The most entertaining defense, however, was that of the candidate himself, when interviewed by Sean Hannity.   Responding to President Obama's criticism of Romney's plan, the former governor claimed "He has a way of putting out a false statement and then attacking it and making it sound like it's mine which of course it's not. He knows better than that. It really is a matter of a president doing almost anything to try and avoid talking about his own record."     My plan is not my plan. You just can't make up things like that.
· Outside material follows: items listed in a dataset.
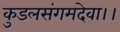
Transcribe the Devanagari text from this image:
कुडलसंगमदेवा।।
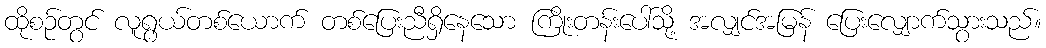
ထိုစဉ်တွင် လူရွယ်တစ်ယောက် တစ်ပြေးညီရှိနေသော ကြိုးတန်းပေါ်သို့ အလျှင်အမြန် ပြေးလျှောက်သွားသည်။
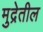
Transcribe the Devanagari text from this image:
मुद्रेतील
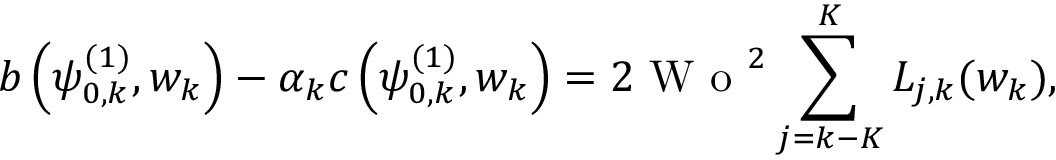
b \left( \psi _ { 0 , k } ^ { ( 1 ) } , w _ { k } \right) - \alpha _ { k } c \left( \psi _ { 0 , k } ^ { ( 1 ) } , w _ { k } \right) = 2 \textrm { W o } ^ { 2 } \sum _ { j = k - K } ^ { K } L _ { j , k } ( w _ { k } ) ,
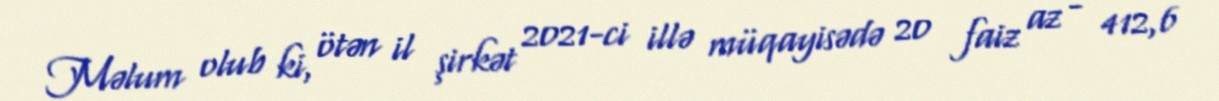
Məlum olub ki, ötən il şirkət 2021-ci illə müqayisədə 20 faiz az - 412,6
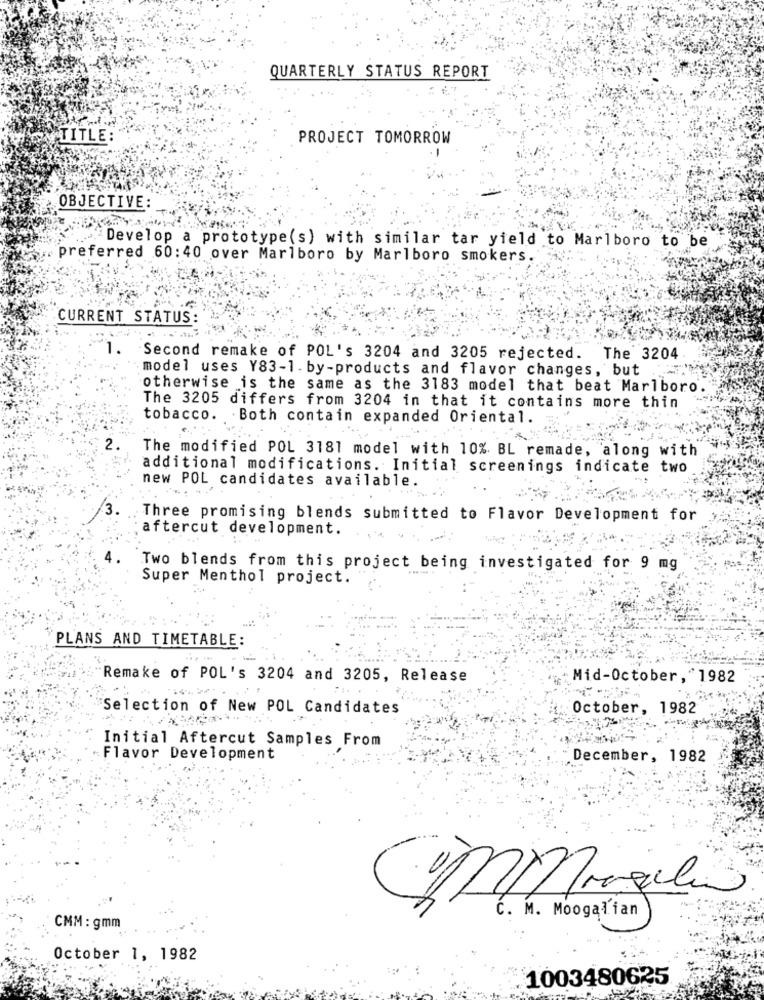
QUARTERLY STATUS REPORT
TITLE:
PROJECT TOMORROW
OBJECTIVE:
Develop a prototype(s) with similar tar yield to Marlboro to be
preferred 60:40 over Marlboro by Marlboro smokers.
CURRENT STATUS:
Second remake of POL's 3204 and 3205 rejected. The 3204
model uses Y83-1. by-products and flavor changes, but
otherwise is the same as the 3183 model that beat Marlboro
The 3205 differs from 3204 in that it contains more thin
tobacco.
. Both contain expanded Oriental.
2.
The modified POL 3181 model with 10%. BL remade, along with
additional modifications. Initial screenings indicate two
new POL candidates available.
Three promising blends submitted to Flavor Development for
aftercut development.
Two blends from this project being investigated for 9 mg
Super Menthol project.
PLANS AND TIMETABLE:
Remake of POL's 3204 and 3205, Release
Mid-October, 1982
Selection of New POL Candidates
October, 1982
Initial Aftercut Samples From
Flavor Development
December, 1982
Mmmmgali
C. M. Moogalian
CMM : gmm
October 1, 1982
1003480625
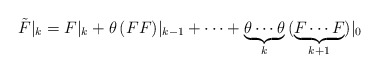
\begin{align*}\tilde{F}|_k=F|_k+\theta\,(FF)|_{k-1}+\cdots+\underbrace{\theta\cdots\theta}_k\,(\underbrace{F\cdots F}_{k+1})|_0\end{align*}
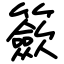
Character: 籨
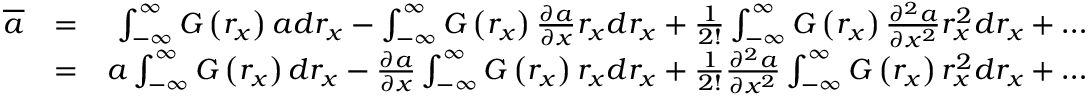
\begin{array} { r l r } { \overline { { { a } } } } & { = } & { \int _ { - \infty } ^ { \infty } G \left( r _ { x } \right) a d r _ { x } - \int _ { - \infty } ^ { \infty } G \left( r _ { x } \right) \frac { \partial a } { \partial x } r _ { x } d r _ { x } + \frac { 1 } { 2 ! } \int _ { - \infty } ^ { \infty } G \left( r _ { x } \right) \frac { \partial ^ { 2 } a } { \partial x ^ { 2 } } r _ { x } ^ { 2 } d r _ { x } + \dots } \\ & { = } & { a \int _ { - \infty } ^ { \infty } G \left( r _ { x } \right) d r _ { x } - \frac { \partial a } { \partial x } \int _ { - \infty } ^ { \infty } G \left( r _ { x } \right) r _ { x } d r _ { x } + \frac { 1 } { 2 ! } \frac { \partial ^ { 2 } a } { \partial x ^ { 2 } } \int _ { - \infty } ^ { \infty } G \left( r _ { x } \right) r _ { x } ^ { 2 } d r _ { x } + \dots } \end{array}
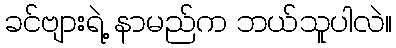
ခင်ဗျားရဲ့ နာမည်က ဘယ်သူပါလဲ။
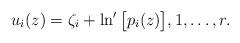
LaTeX: \begin{align*}u_i(z)=\zeta_i+ \ln'\big[p_i(z)\big], 1, \dots, r.\end{align*}
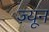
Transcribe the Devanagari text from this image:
ज़्यून
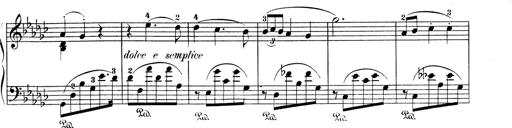
Title: 6 Polish Songs
Composer: Franz Liszt
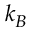
k _ { B }
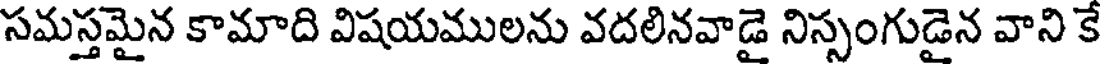
సమస్తమైన కామాది విషయములను వదలినవాడై నిస్సంగుడైన వాని కే
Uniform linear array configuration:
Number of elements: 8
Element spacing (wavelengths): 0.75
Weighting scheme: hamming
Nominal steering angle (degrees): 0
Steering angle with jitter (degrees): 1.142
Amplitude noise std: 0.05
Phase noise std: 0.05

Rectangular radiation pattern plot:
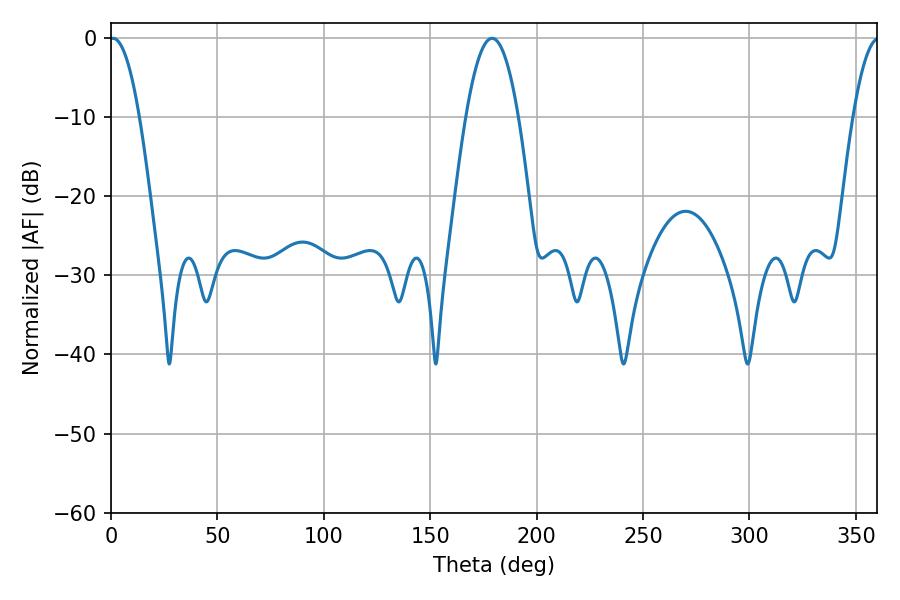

Far from setting out to destroy Mitt Romney, the Tax Policy Center bent over backwards to give the Republican every break it could.   Paul Krugman explains

Here’s what they did. They took Romney at his word that he plans to offset his cuts in income tax rates by broadening the base, that is, limiting exemptions and other loopholes. They also assumed, however, that Romney would not be willing to tax dividends and capital gains as ordinary income, since he has made it clear that he opposes any rise in taxes on investment income. As they point out, this leaves a relatively small pool of loopholes to close – big enough that the Romney tax cuts could, in principle, be paid for by base broadening, but not with a lot of room to spare.

So which loopholes are closed? TPC made the most Romney-friendly assumption they could – namely, that base broadening is concentrated on top incomes as much as possible. First you eliminate all deductions that benefit those with more than $1 million in income; then all that benefit those with between $500,000 and $1 million; and so on.


The key point is then that even if you do this, the tax cuts Romney gives high-income Americans are bigger than the loopholes he could conceivably close...


This means that even on the most favorable assumption, the Romney plan would give the rich big tax cuts on net – which means that to be revenue-neutral, it must raise taxes on Americans making less than $200,000 a year.


So they’re actually giving Romney every possible benefit of the doubt – and still his plan is a redistribution from the middle class to the rich. In practice it would surely be much worse.


If pressed, the Romney campaign probably would argue that its candidate has been specific about the Affordable Care Act, inasmuch as he has pledged to rescind it.   But while may want to end something the incumbent has done, that's a far cry from making a proposal to reform a health care system any serious person concedes is deeply flawed.     Mitt Romney is a politician resembling Rush Limbaugh's warped view of liberals:   people who want voters "to let them know they're on their side" while managing to be wrong about almost everything.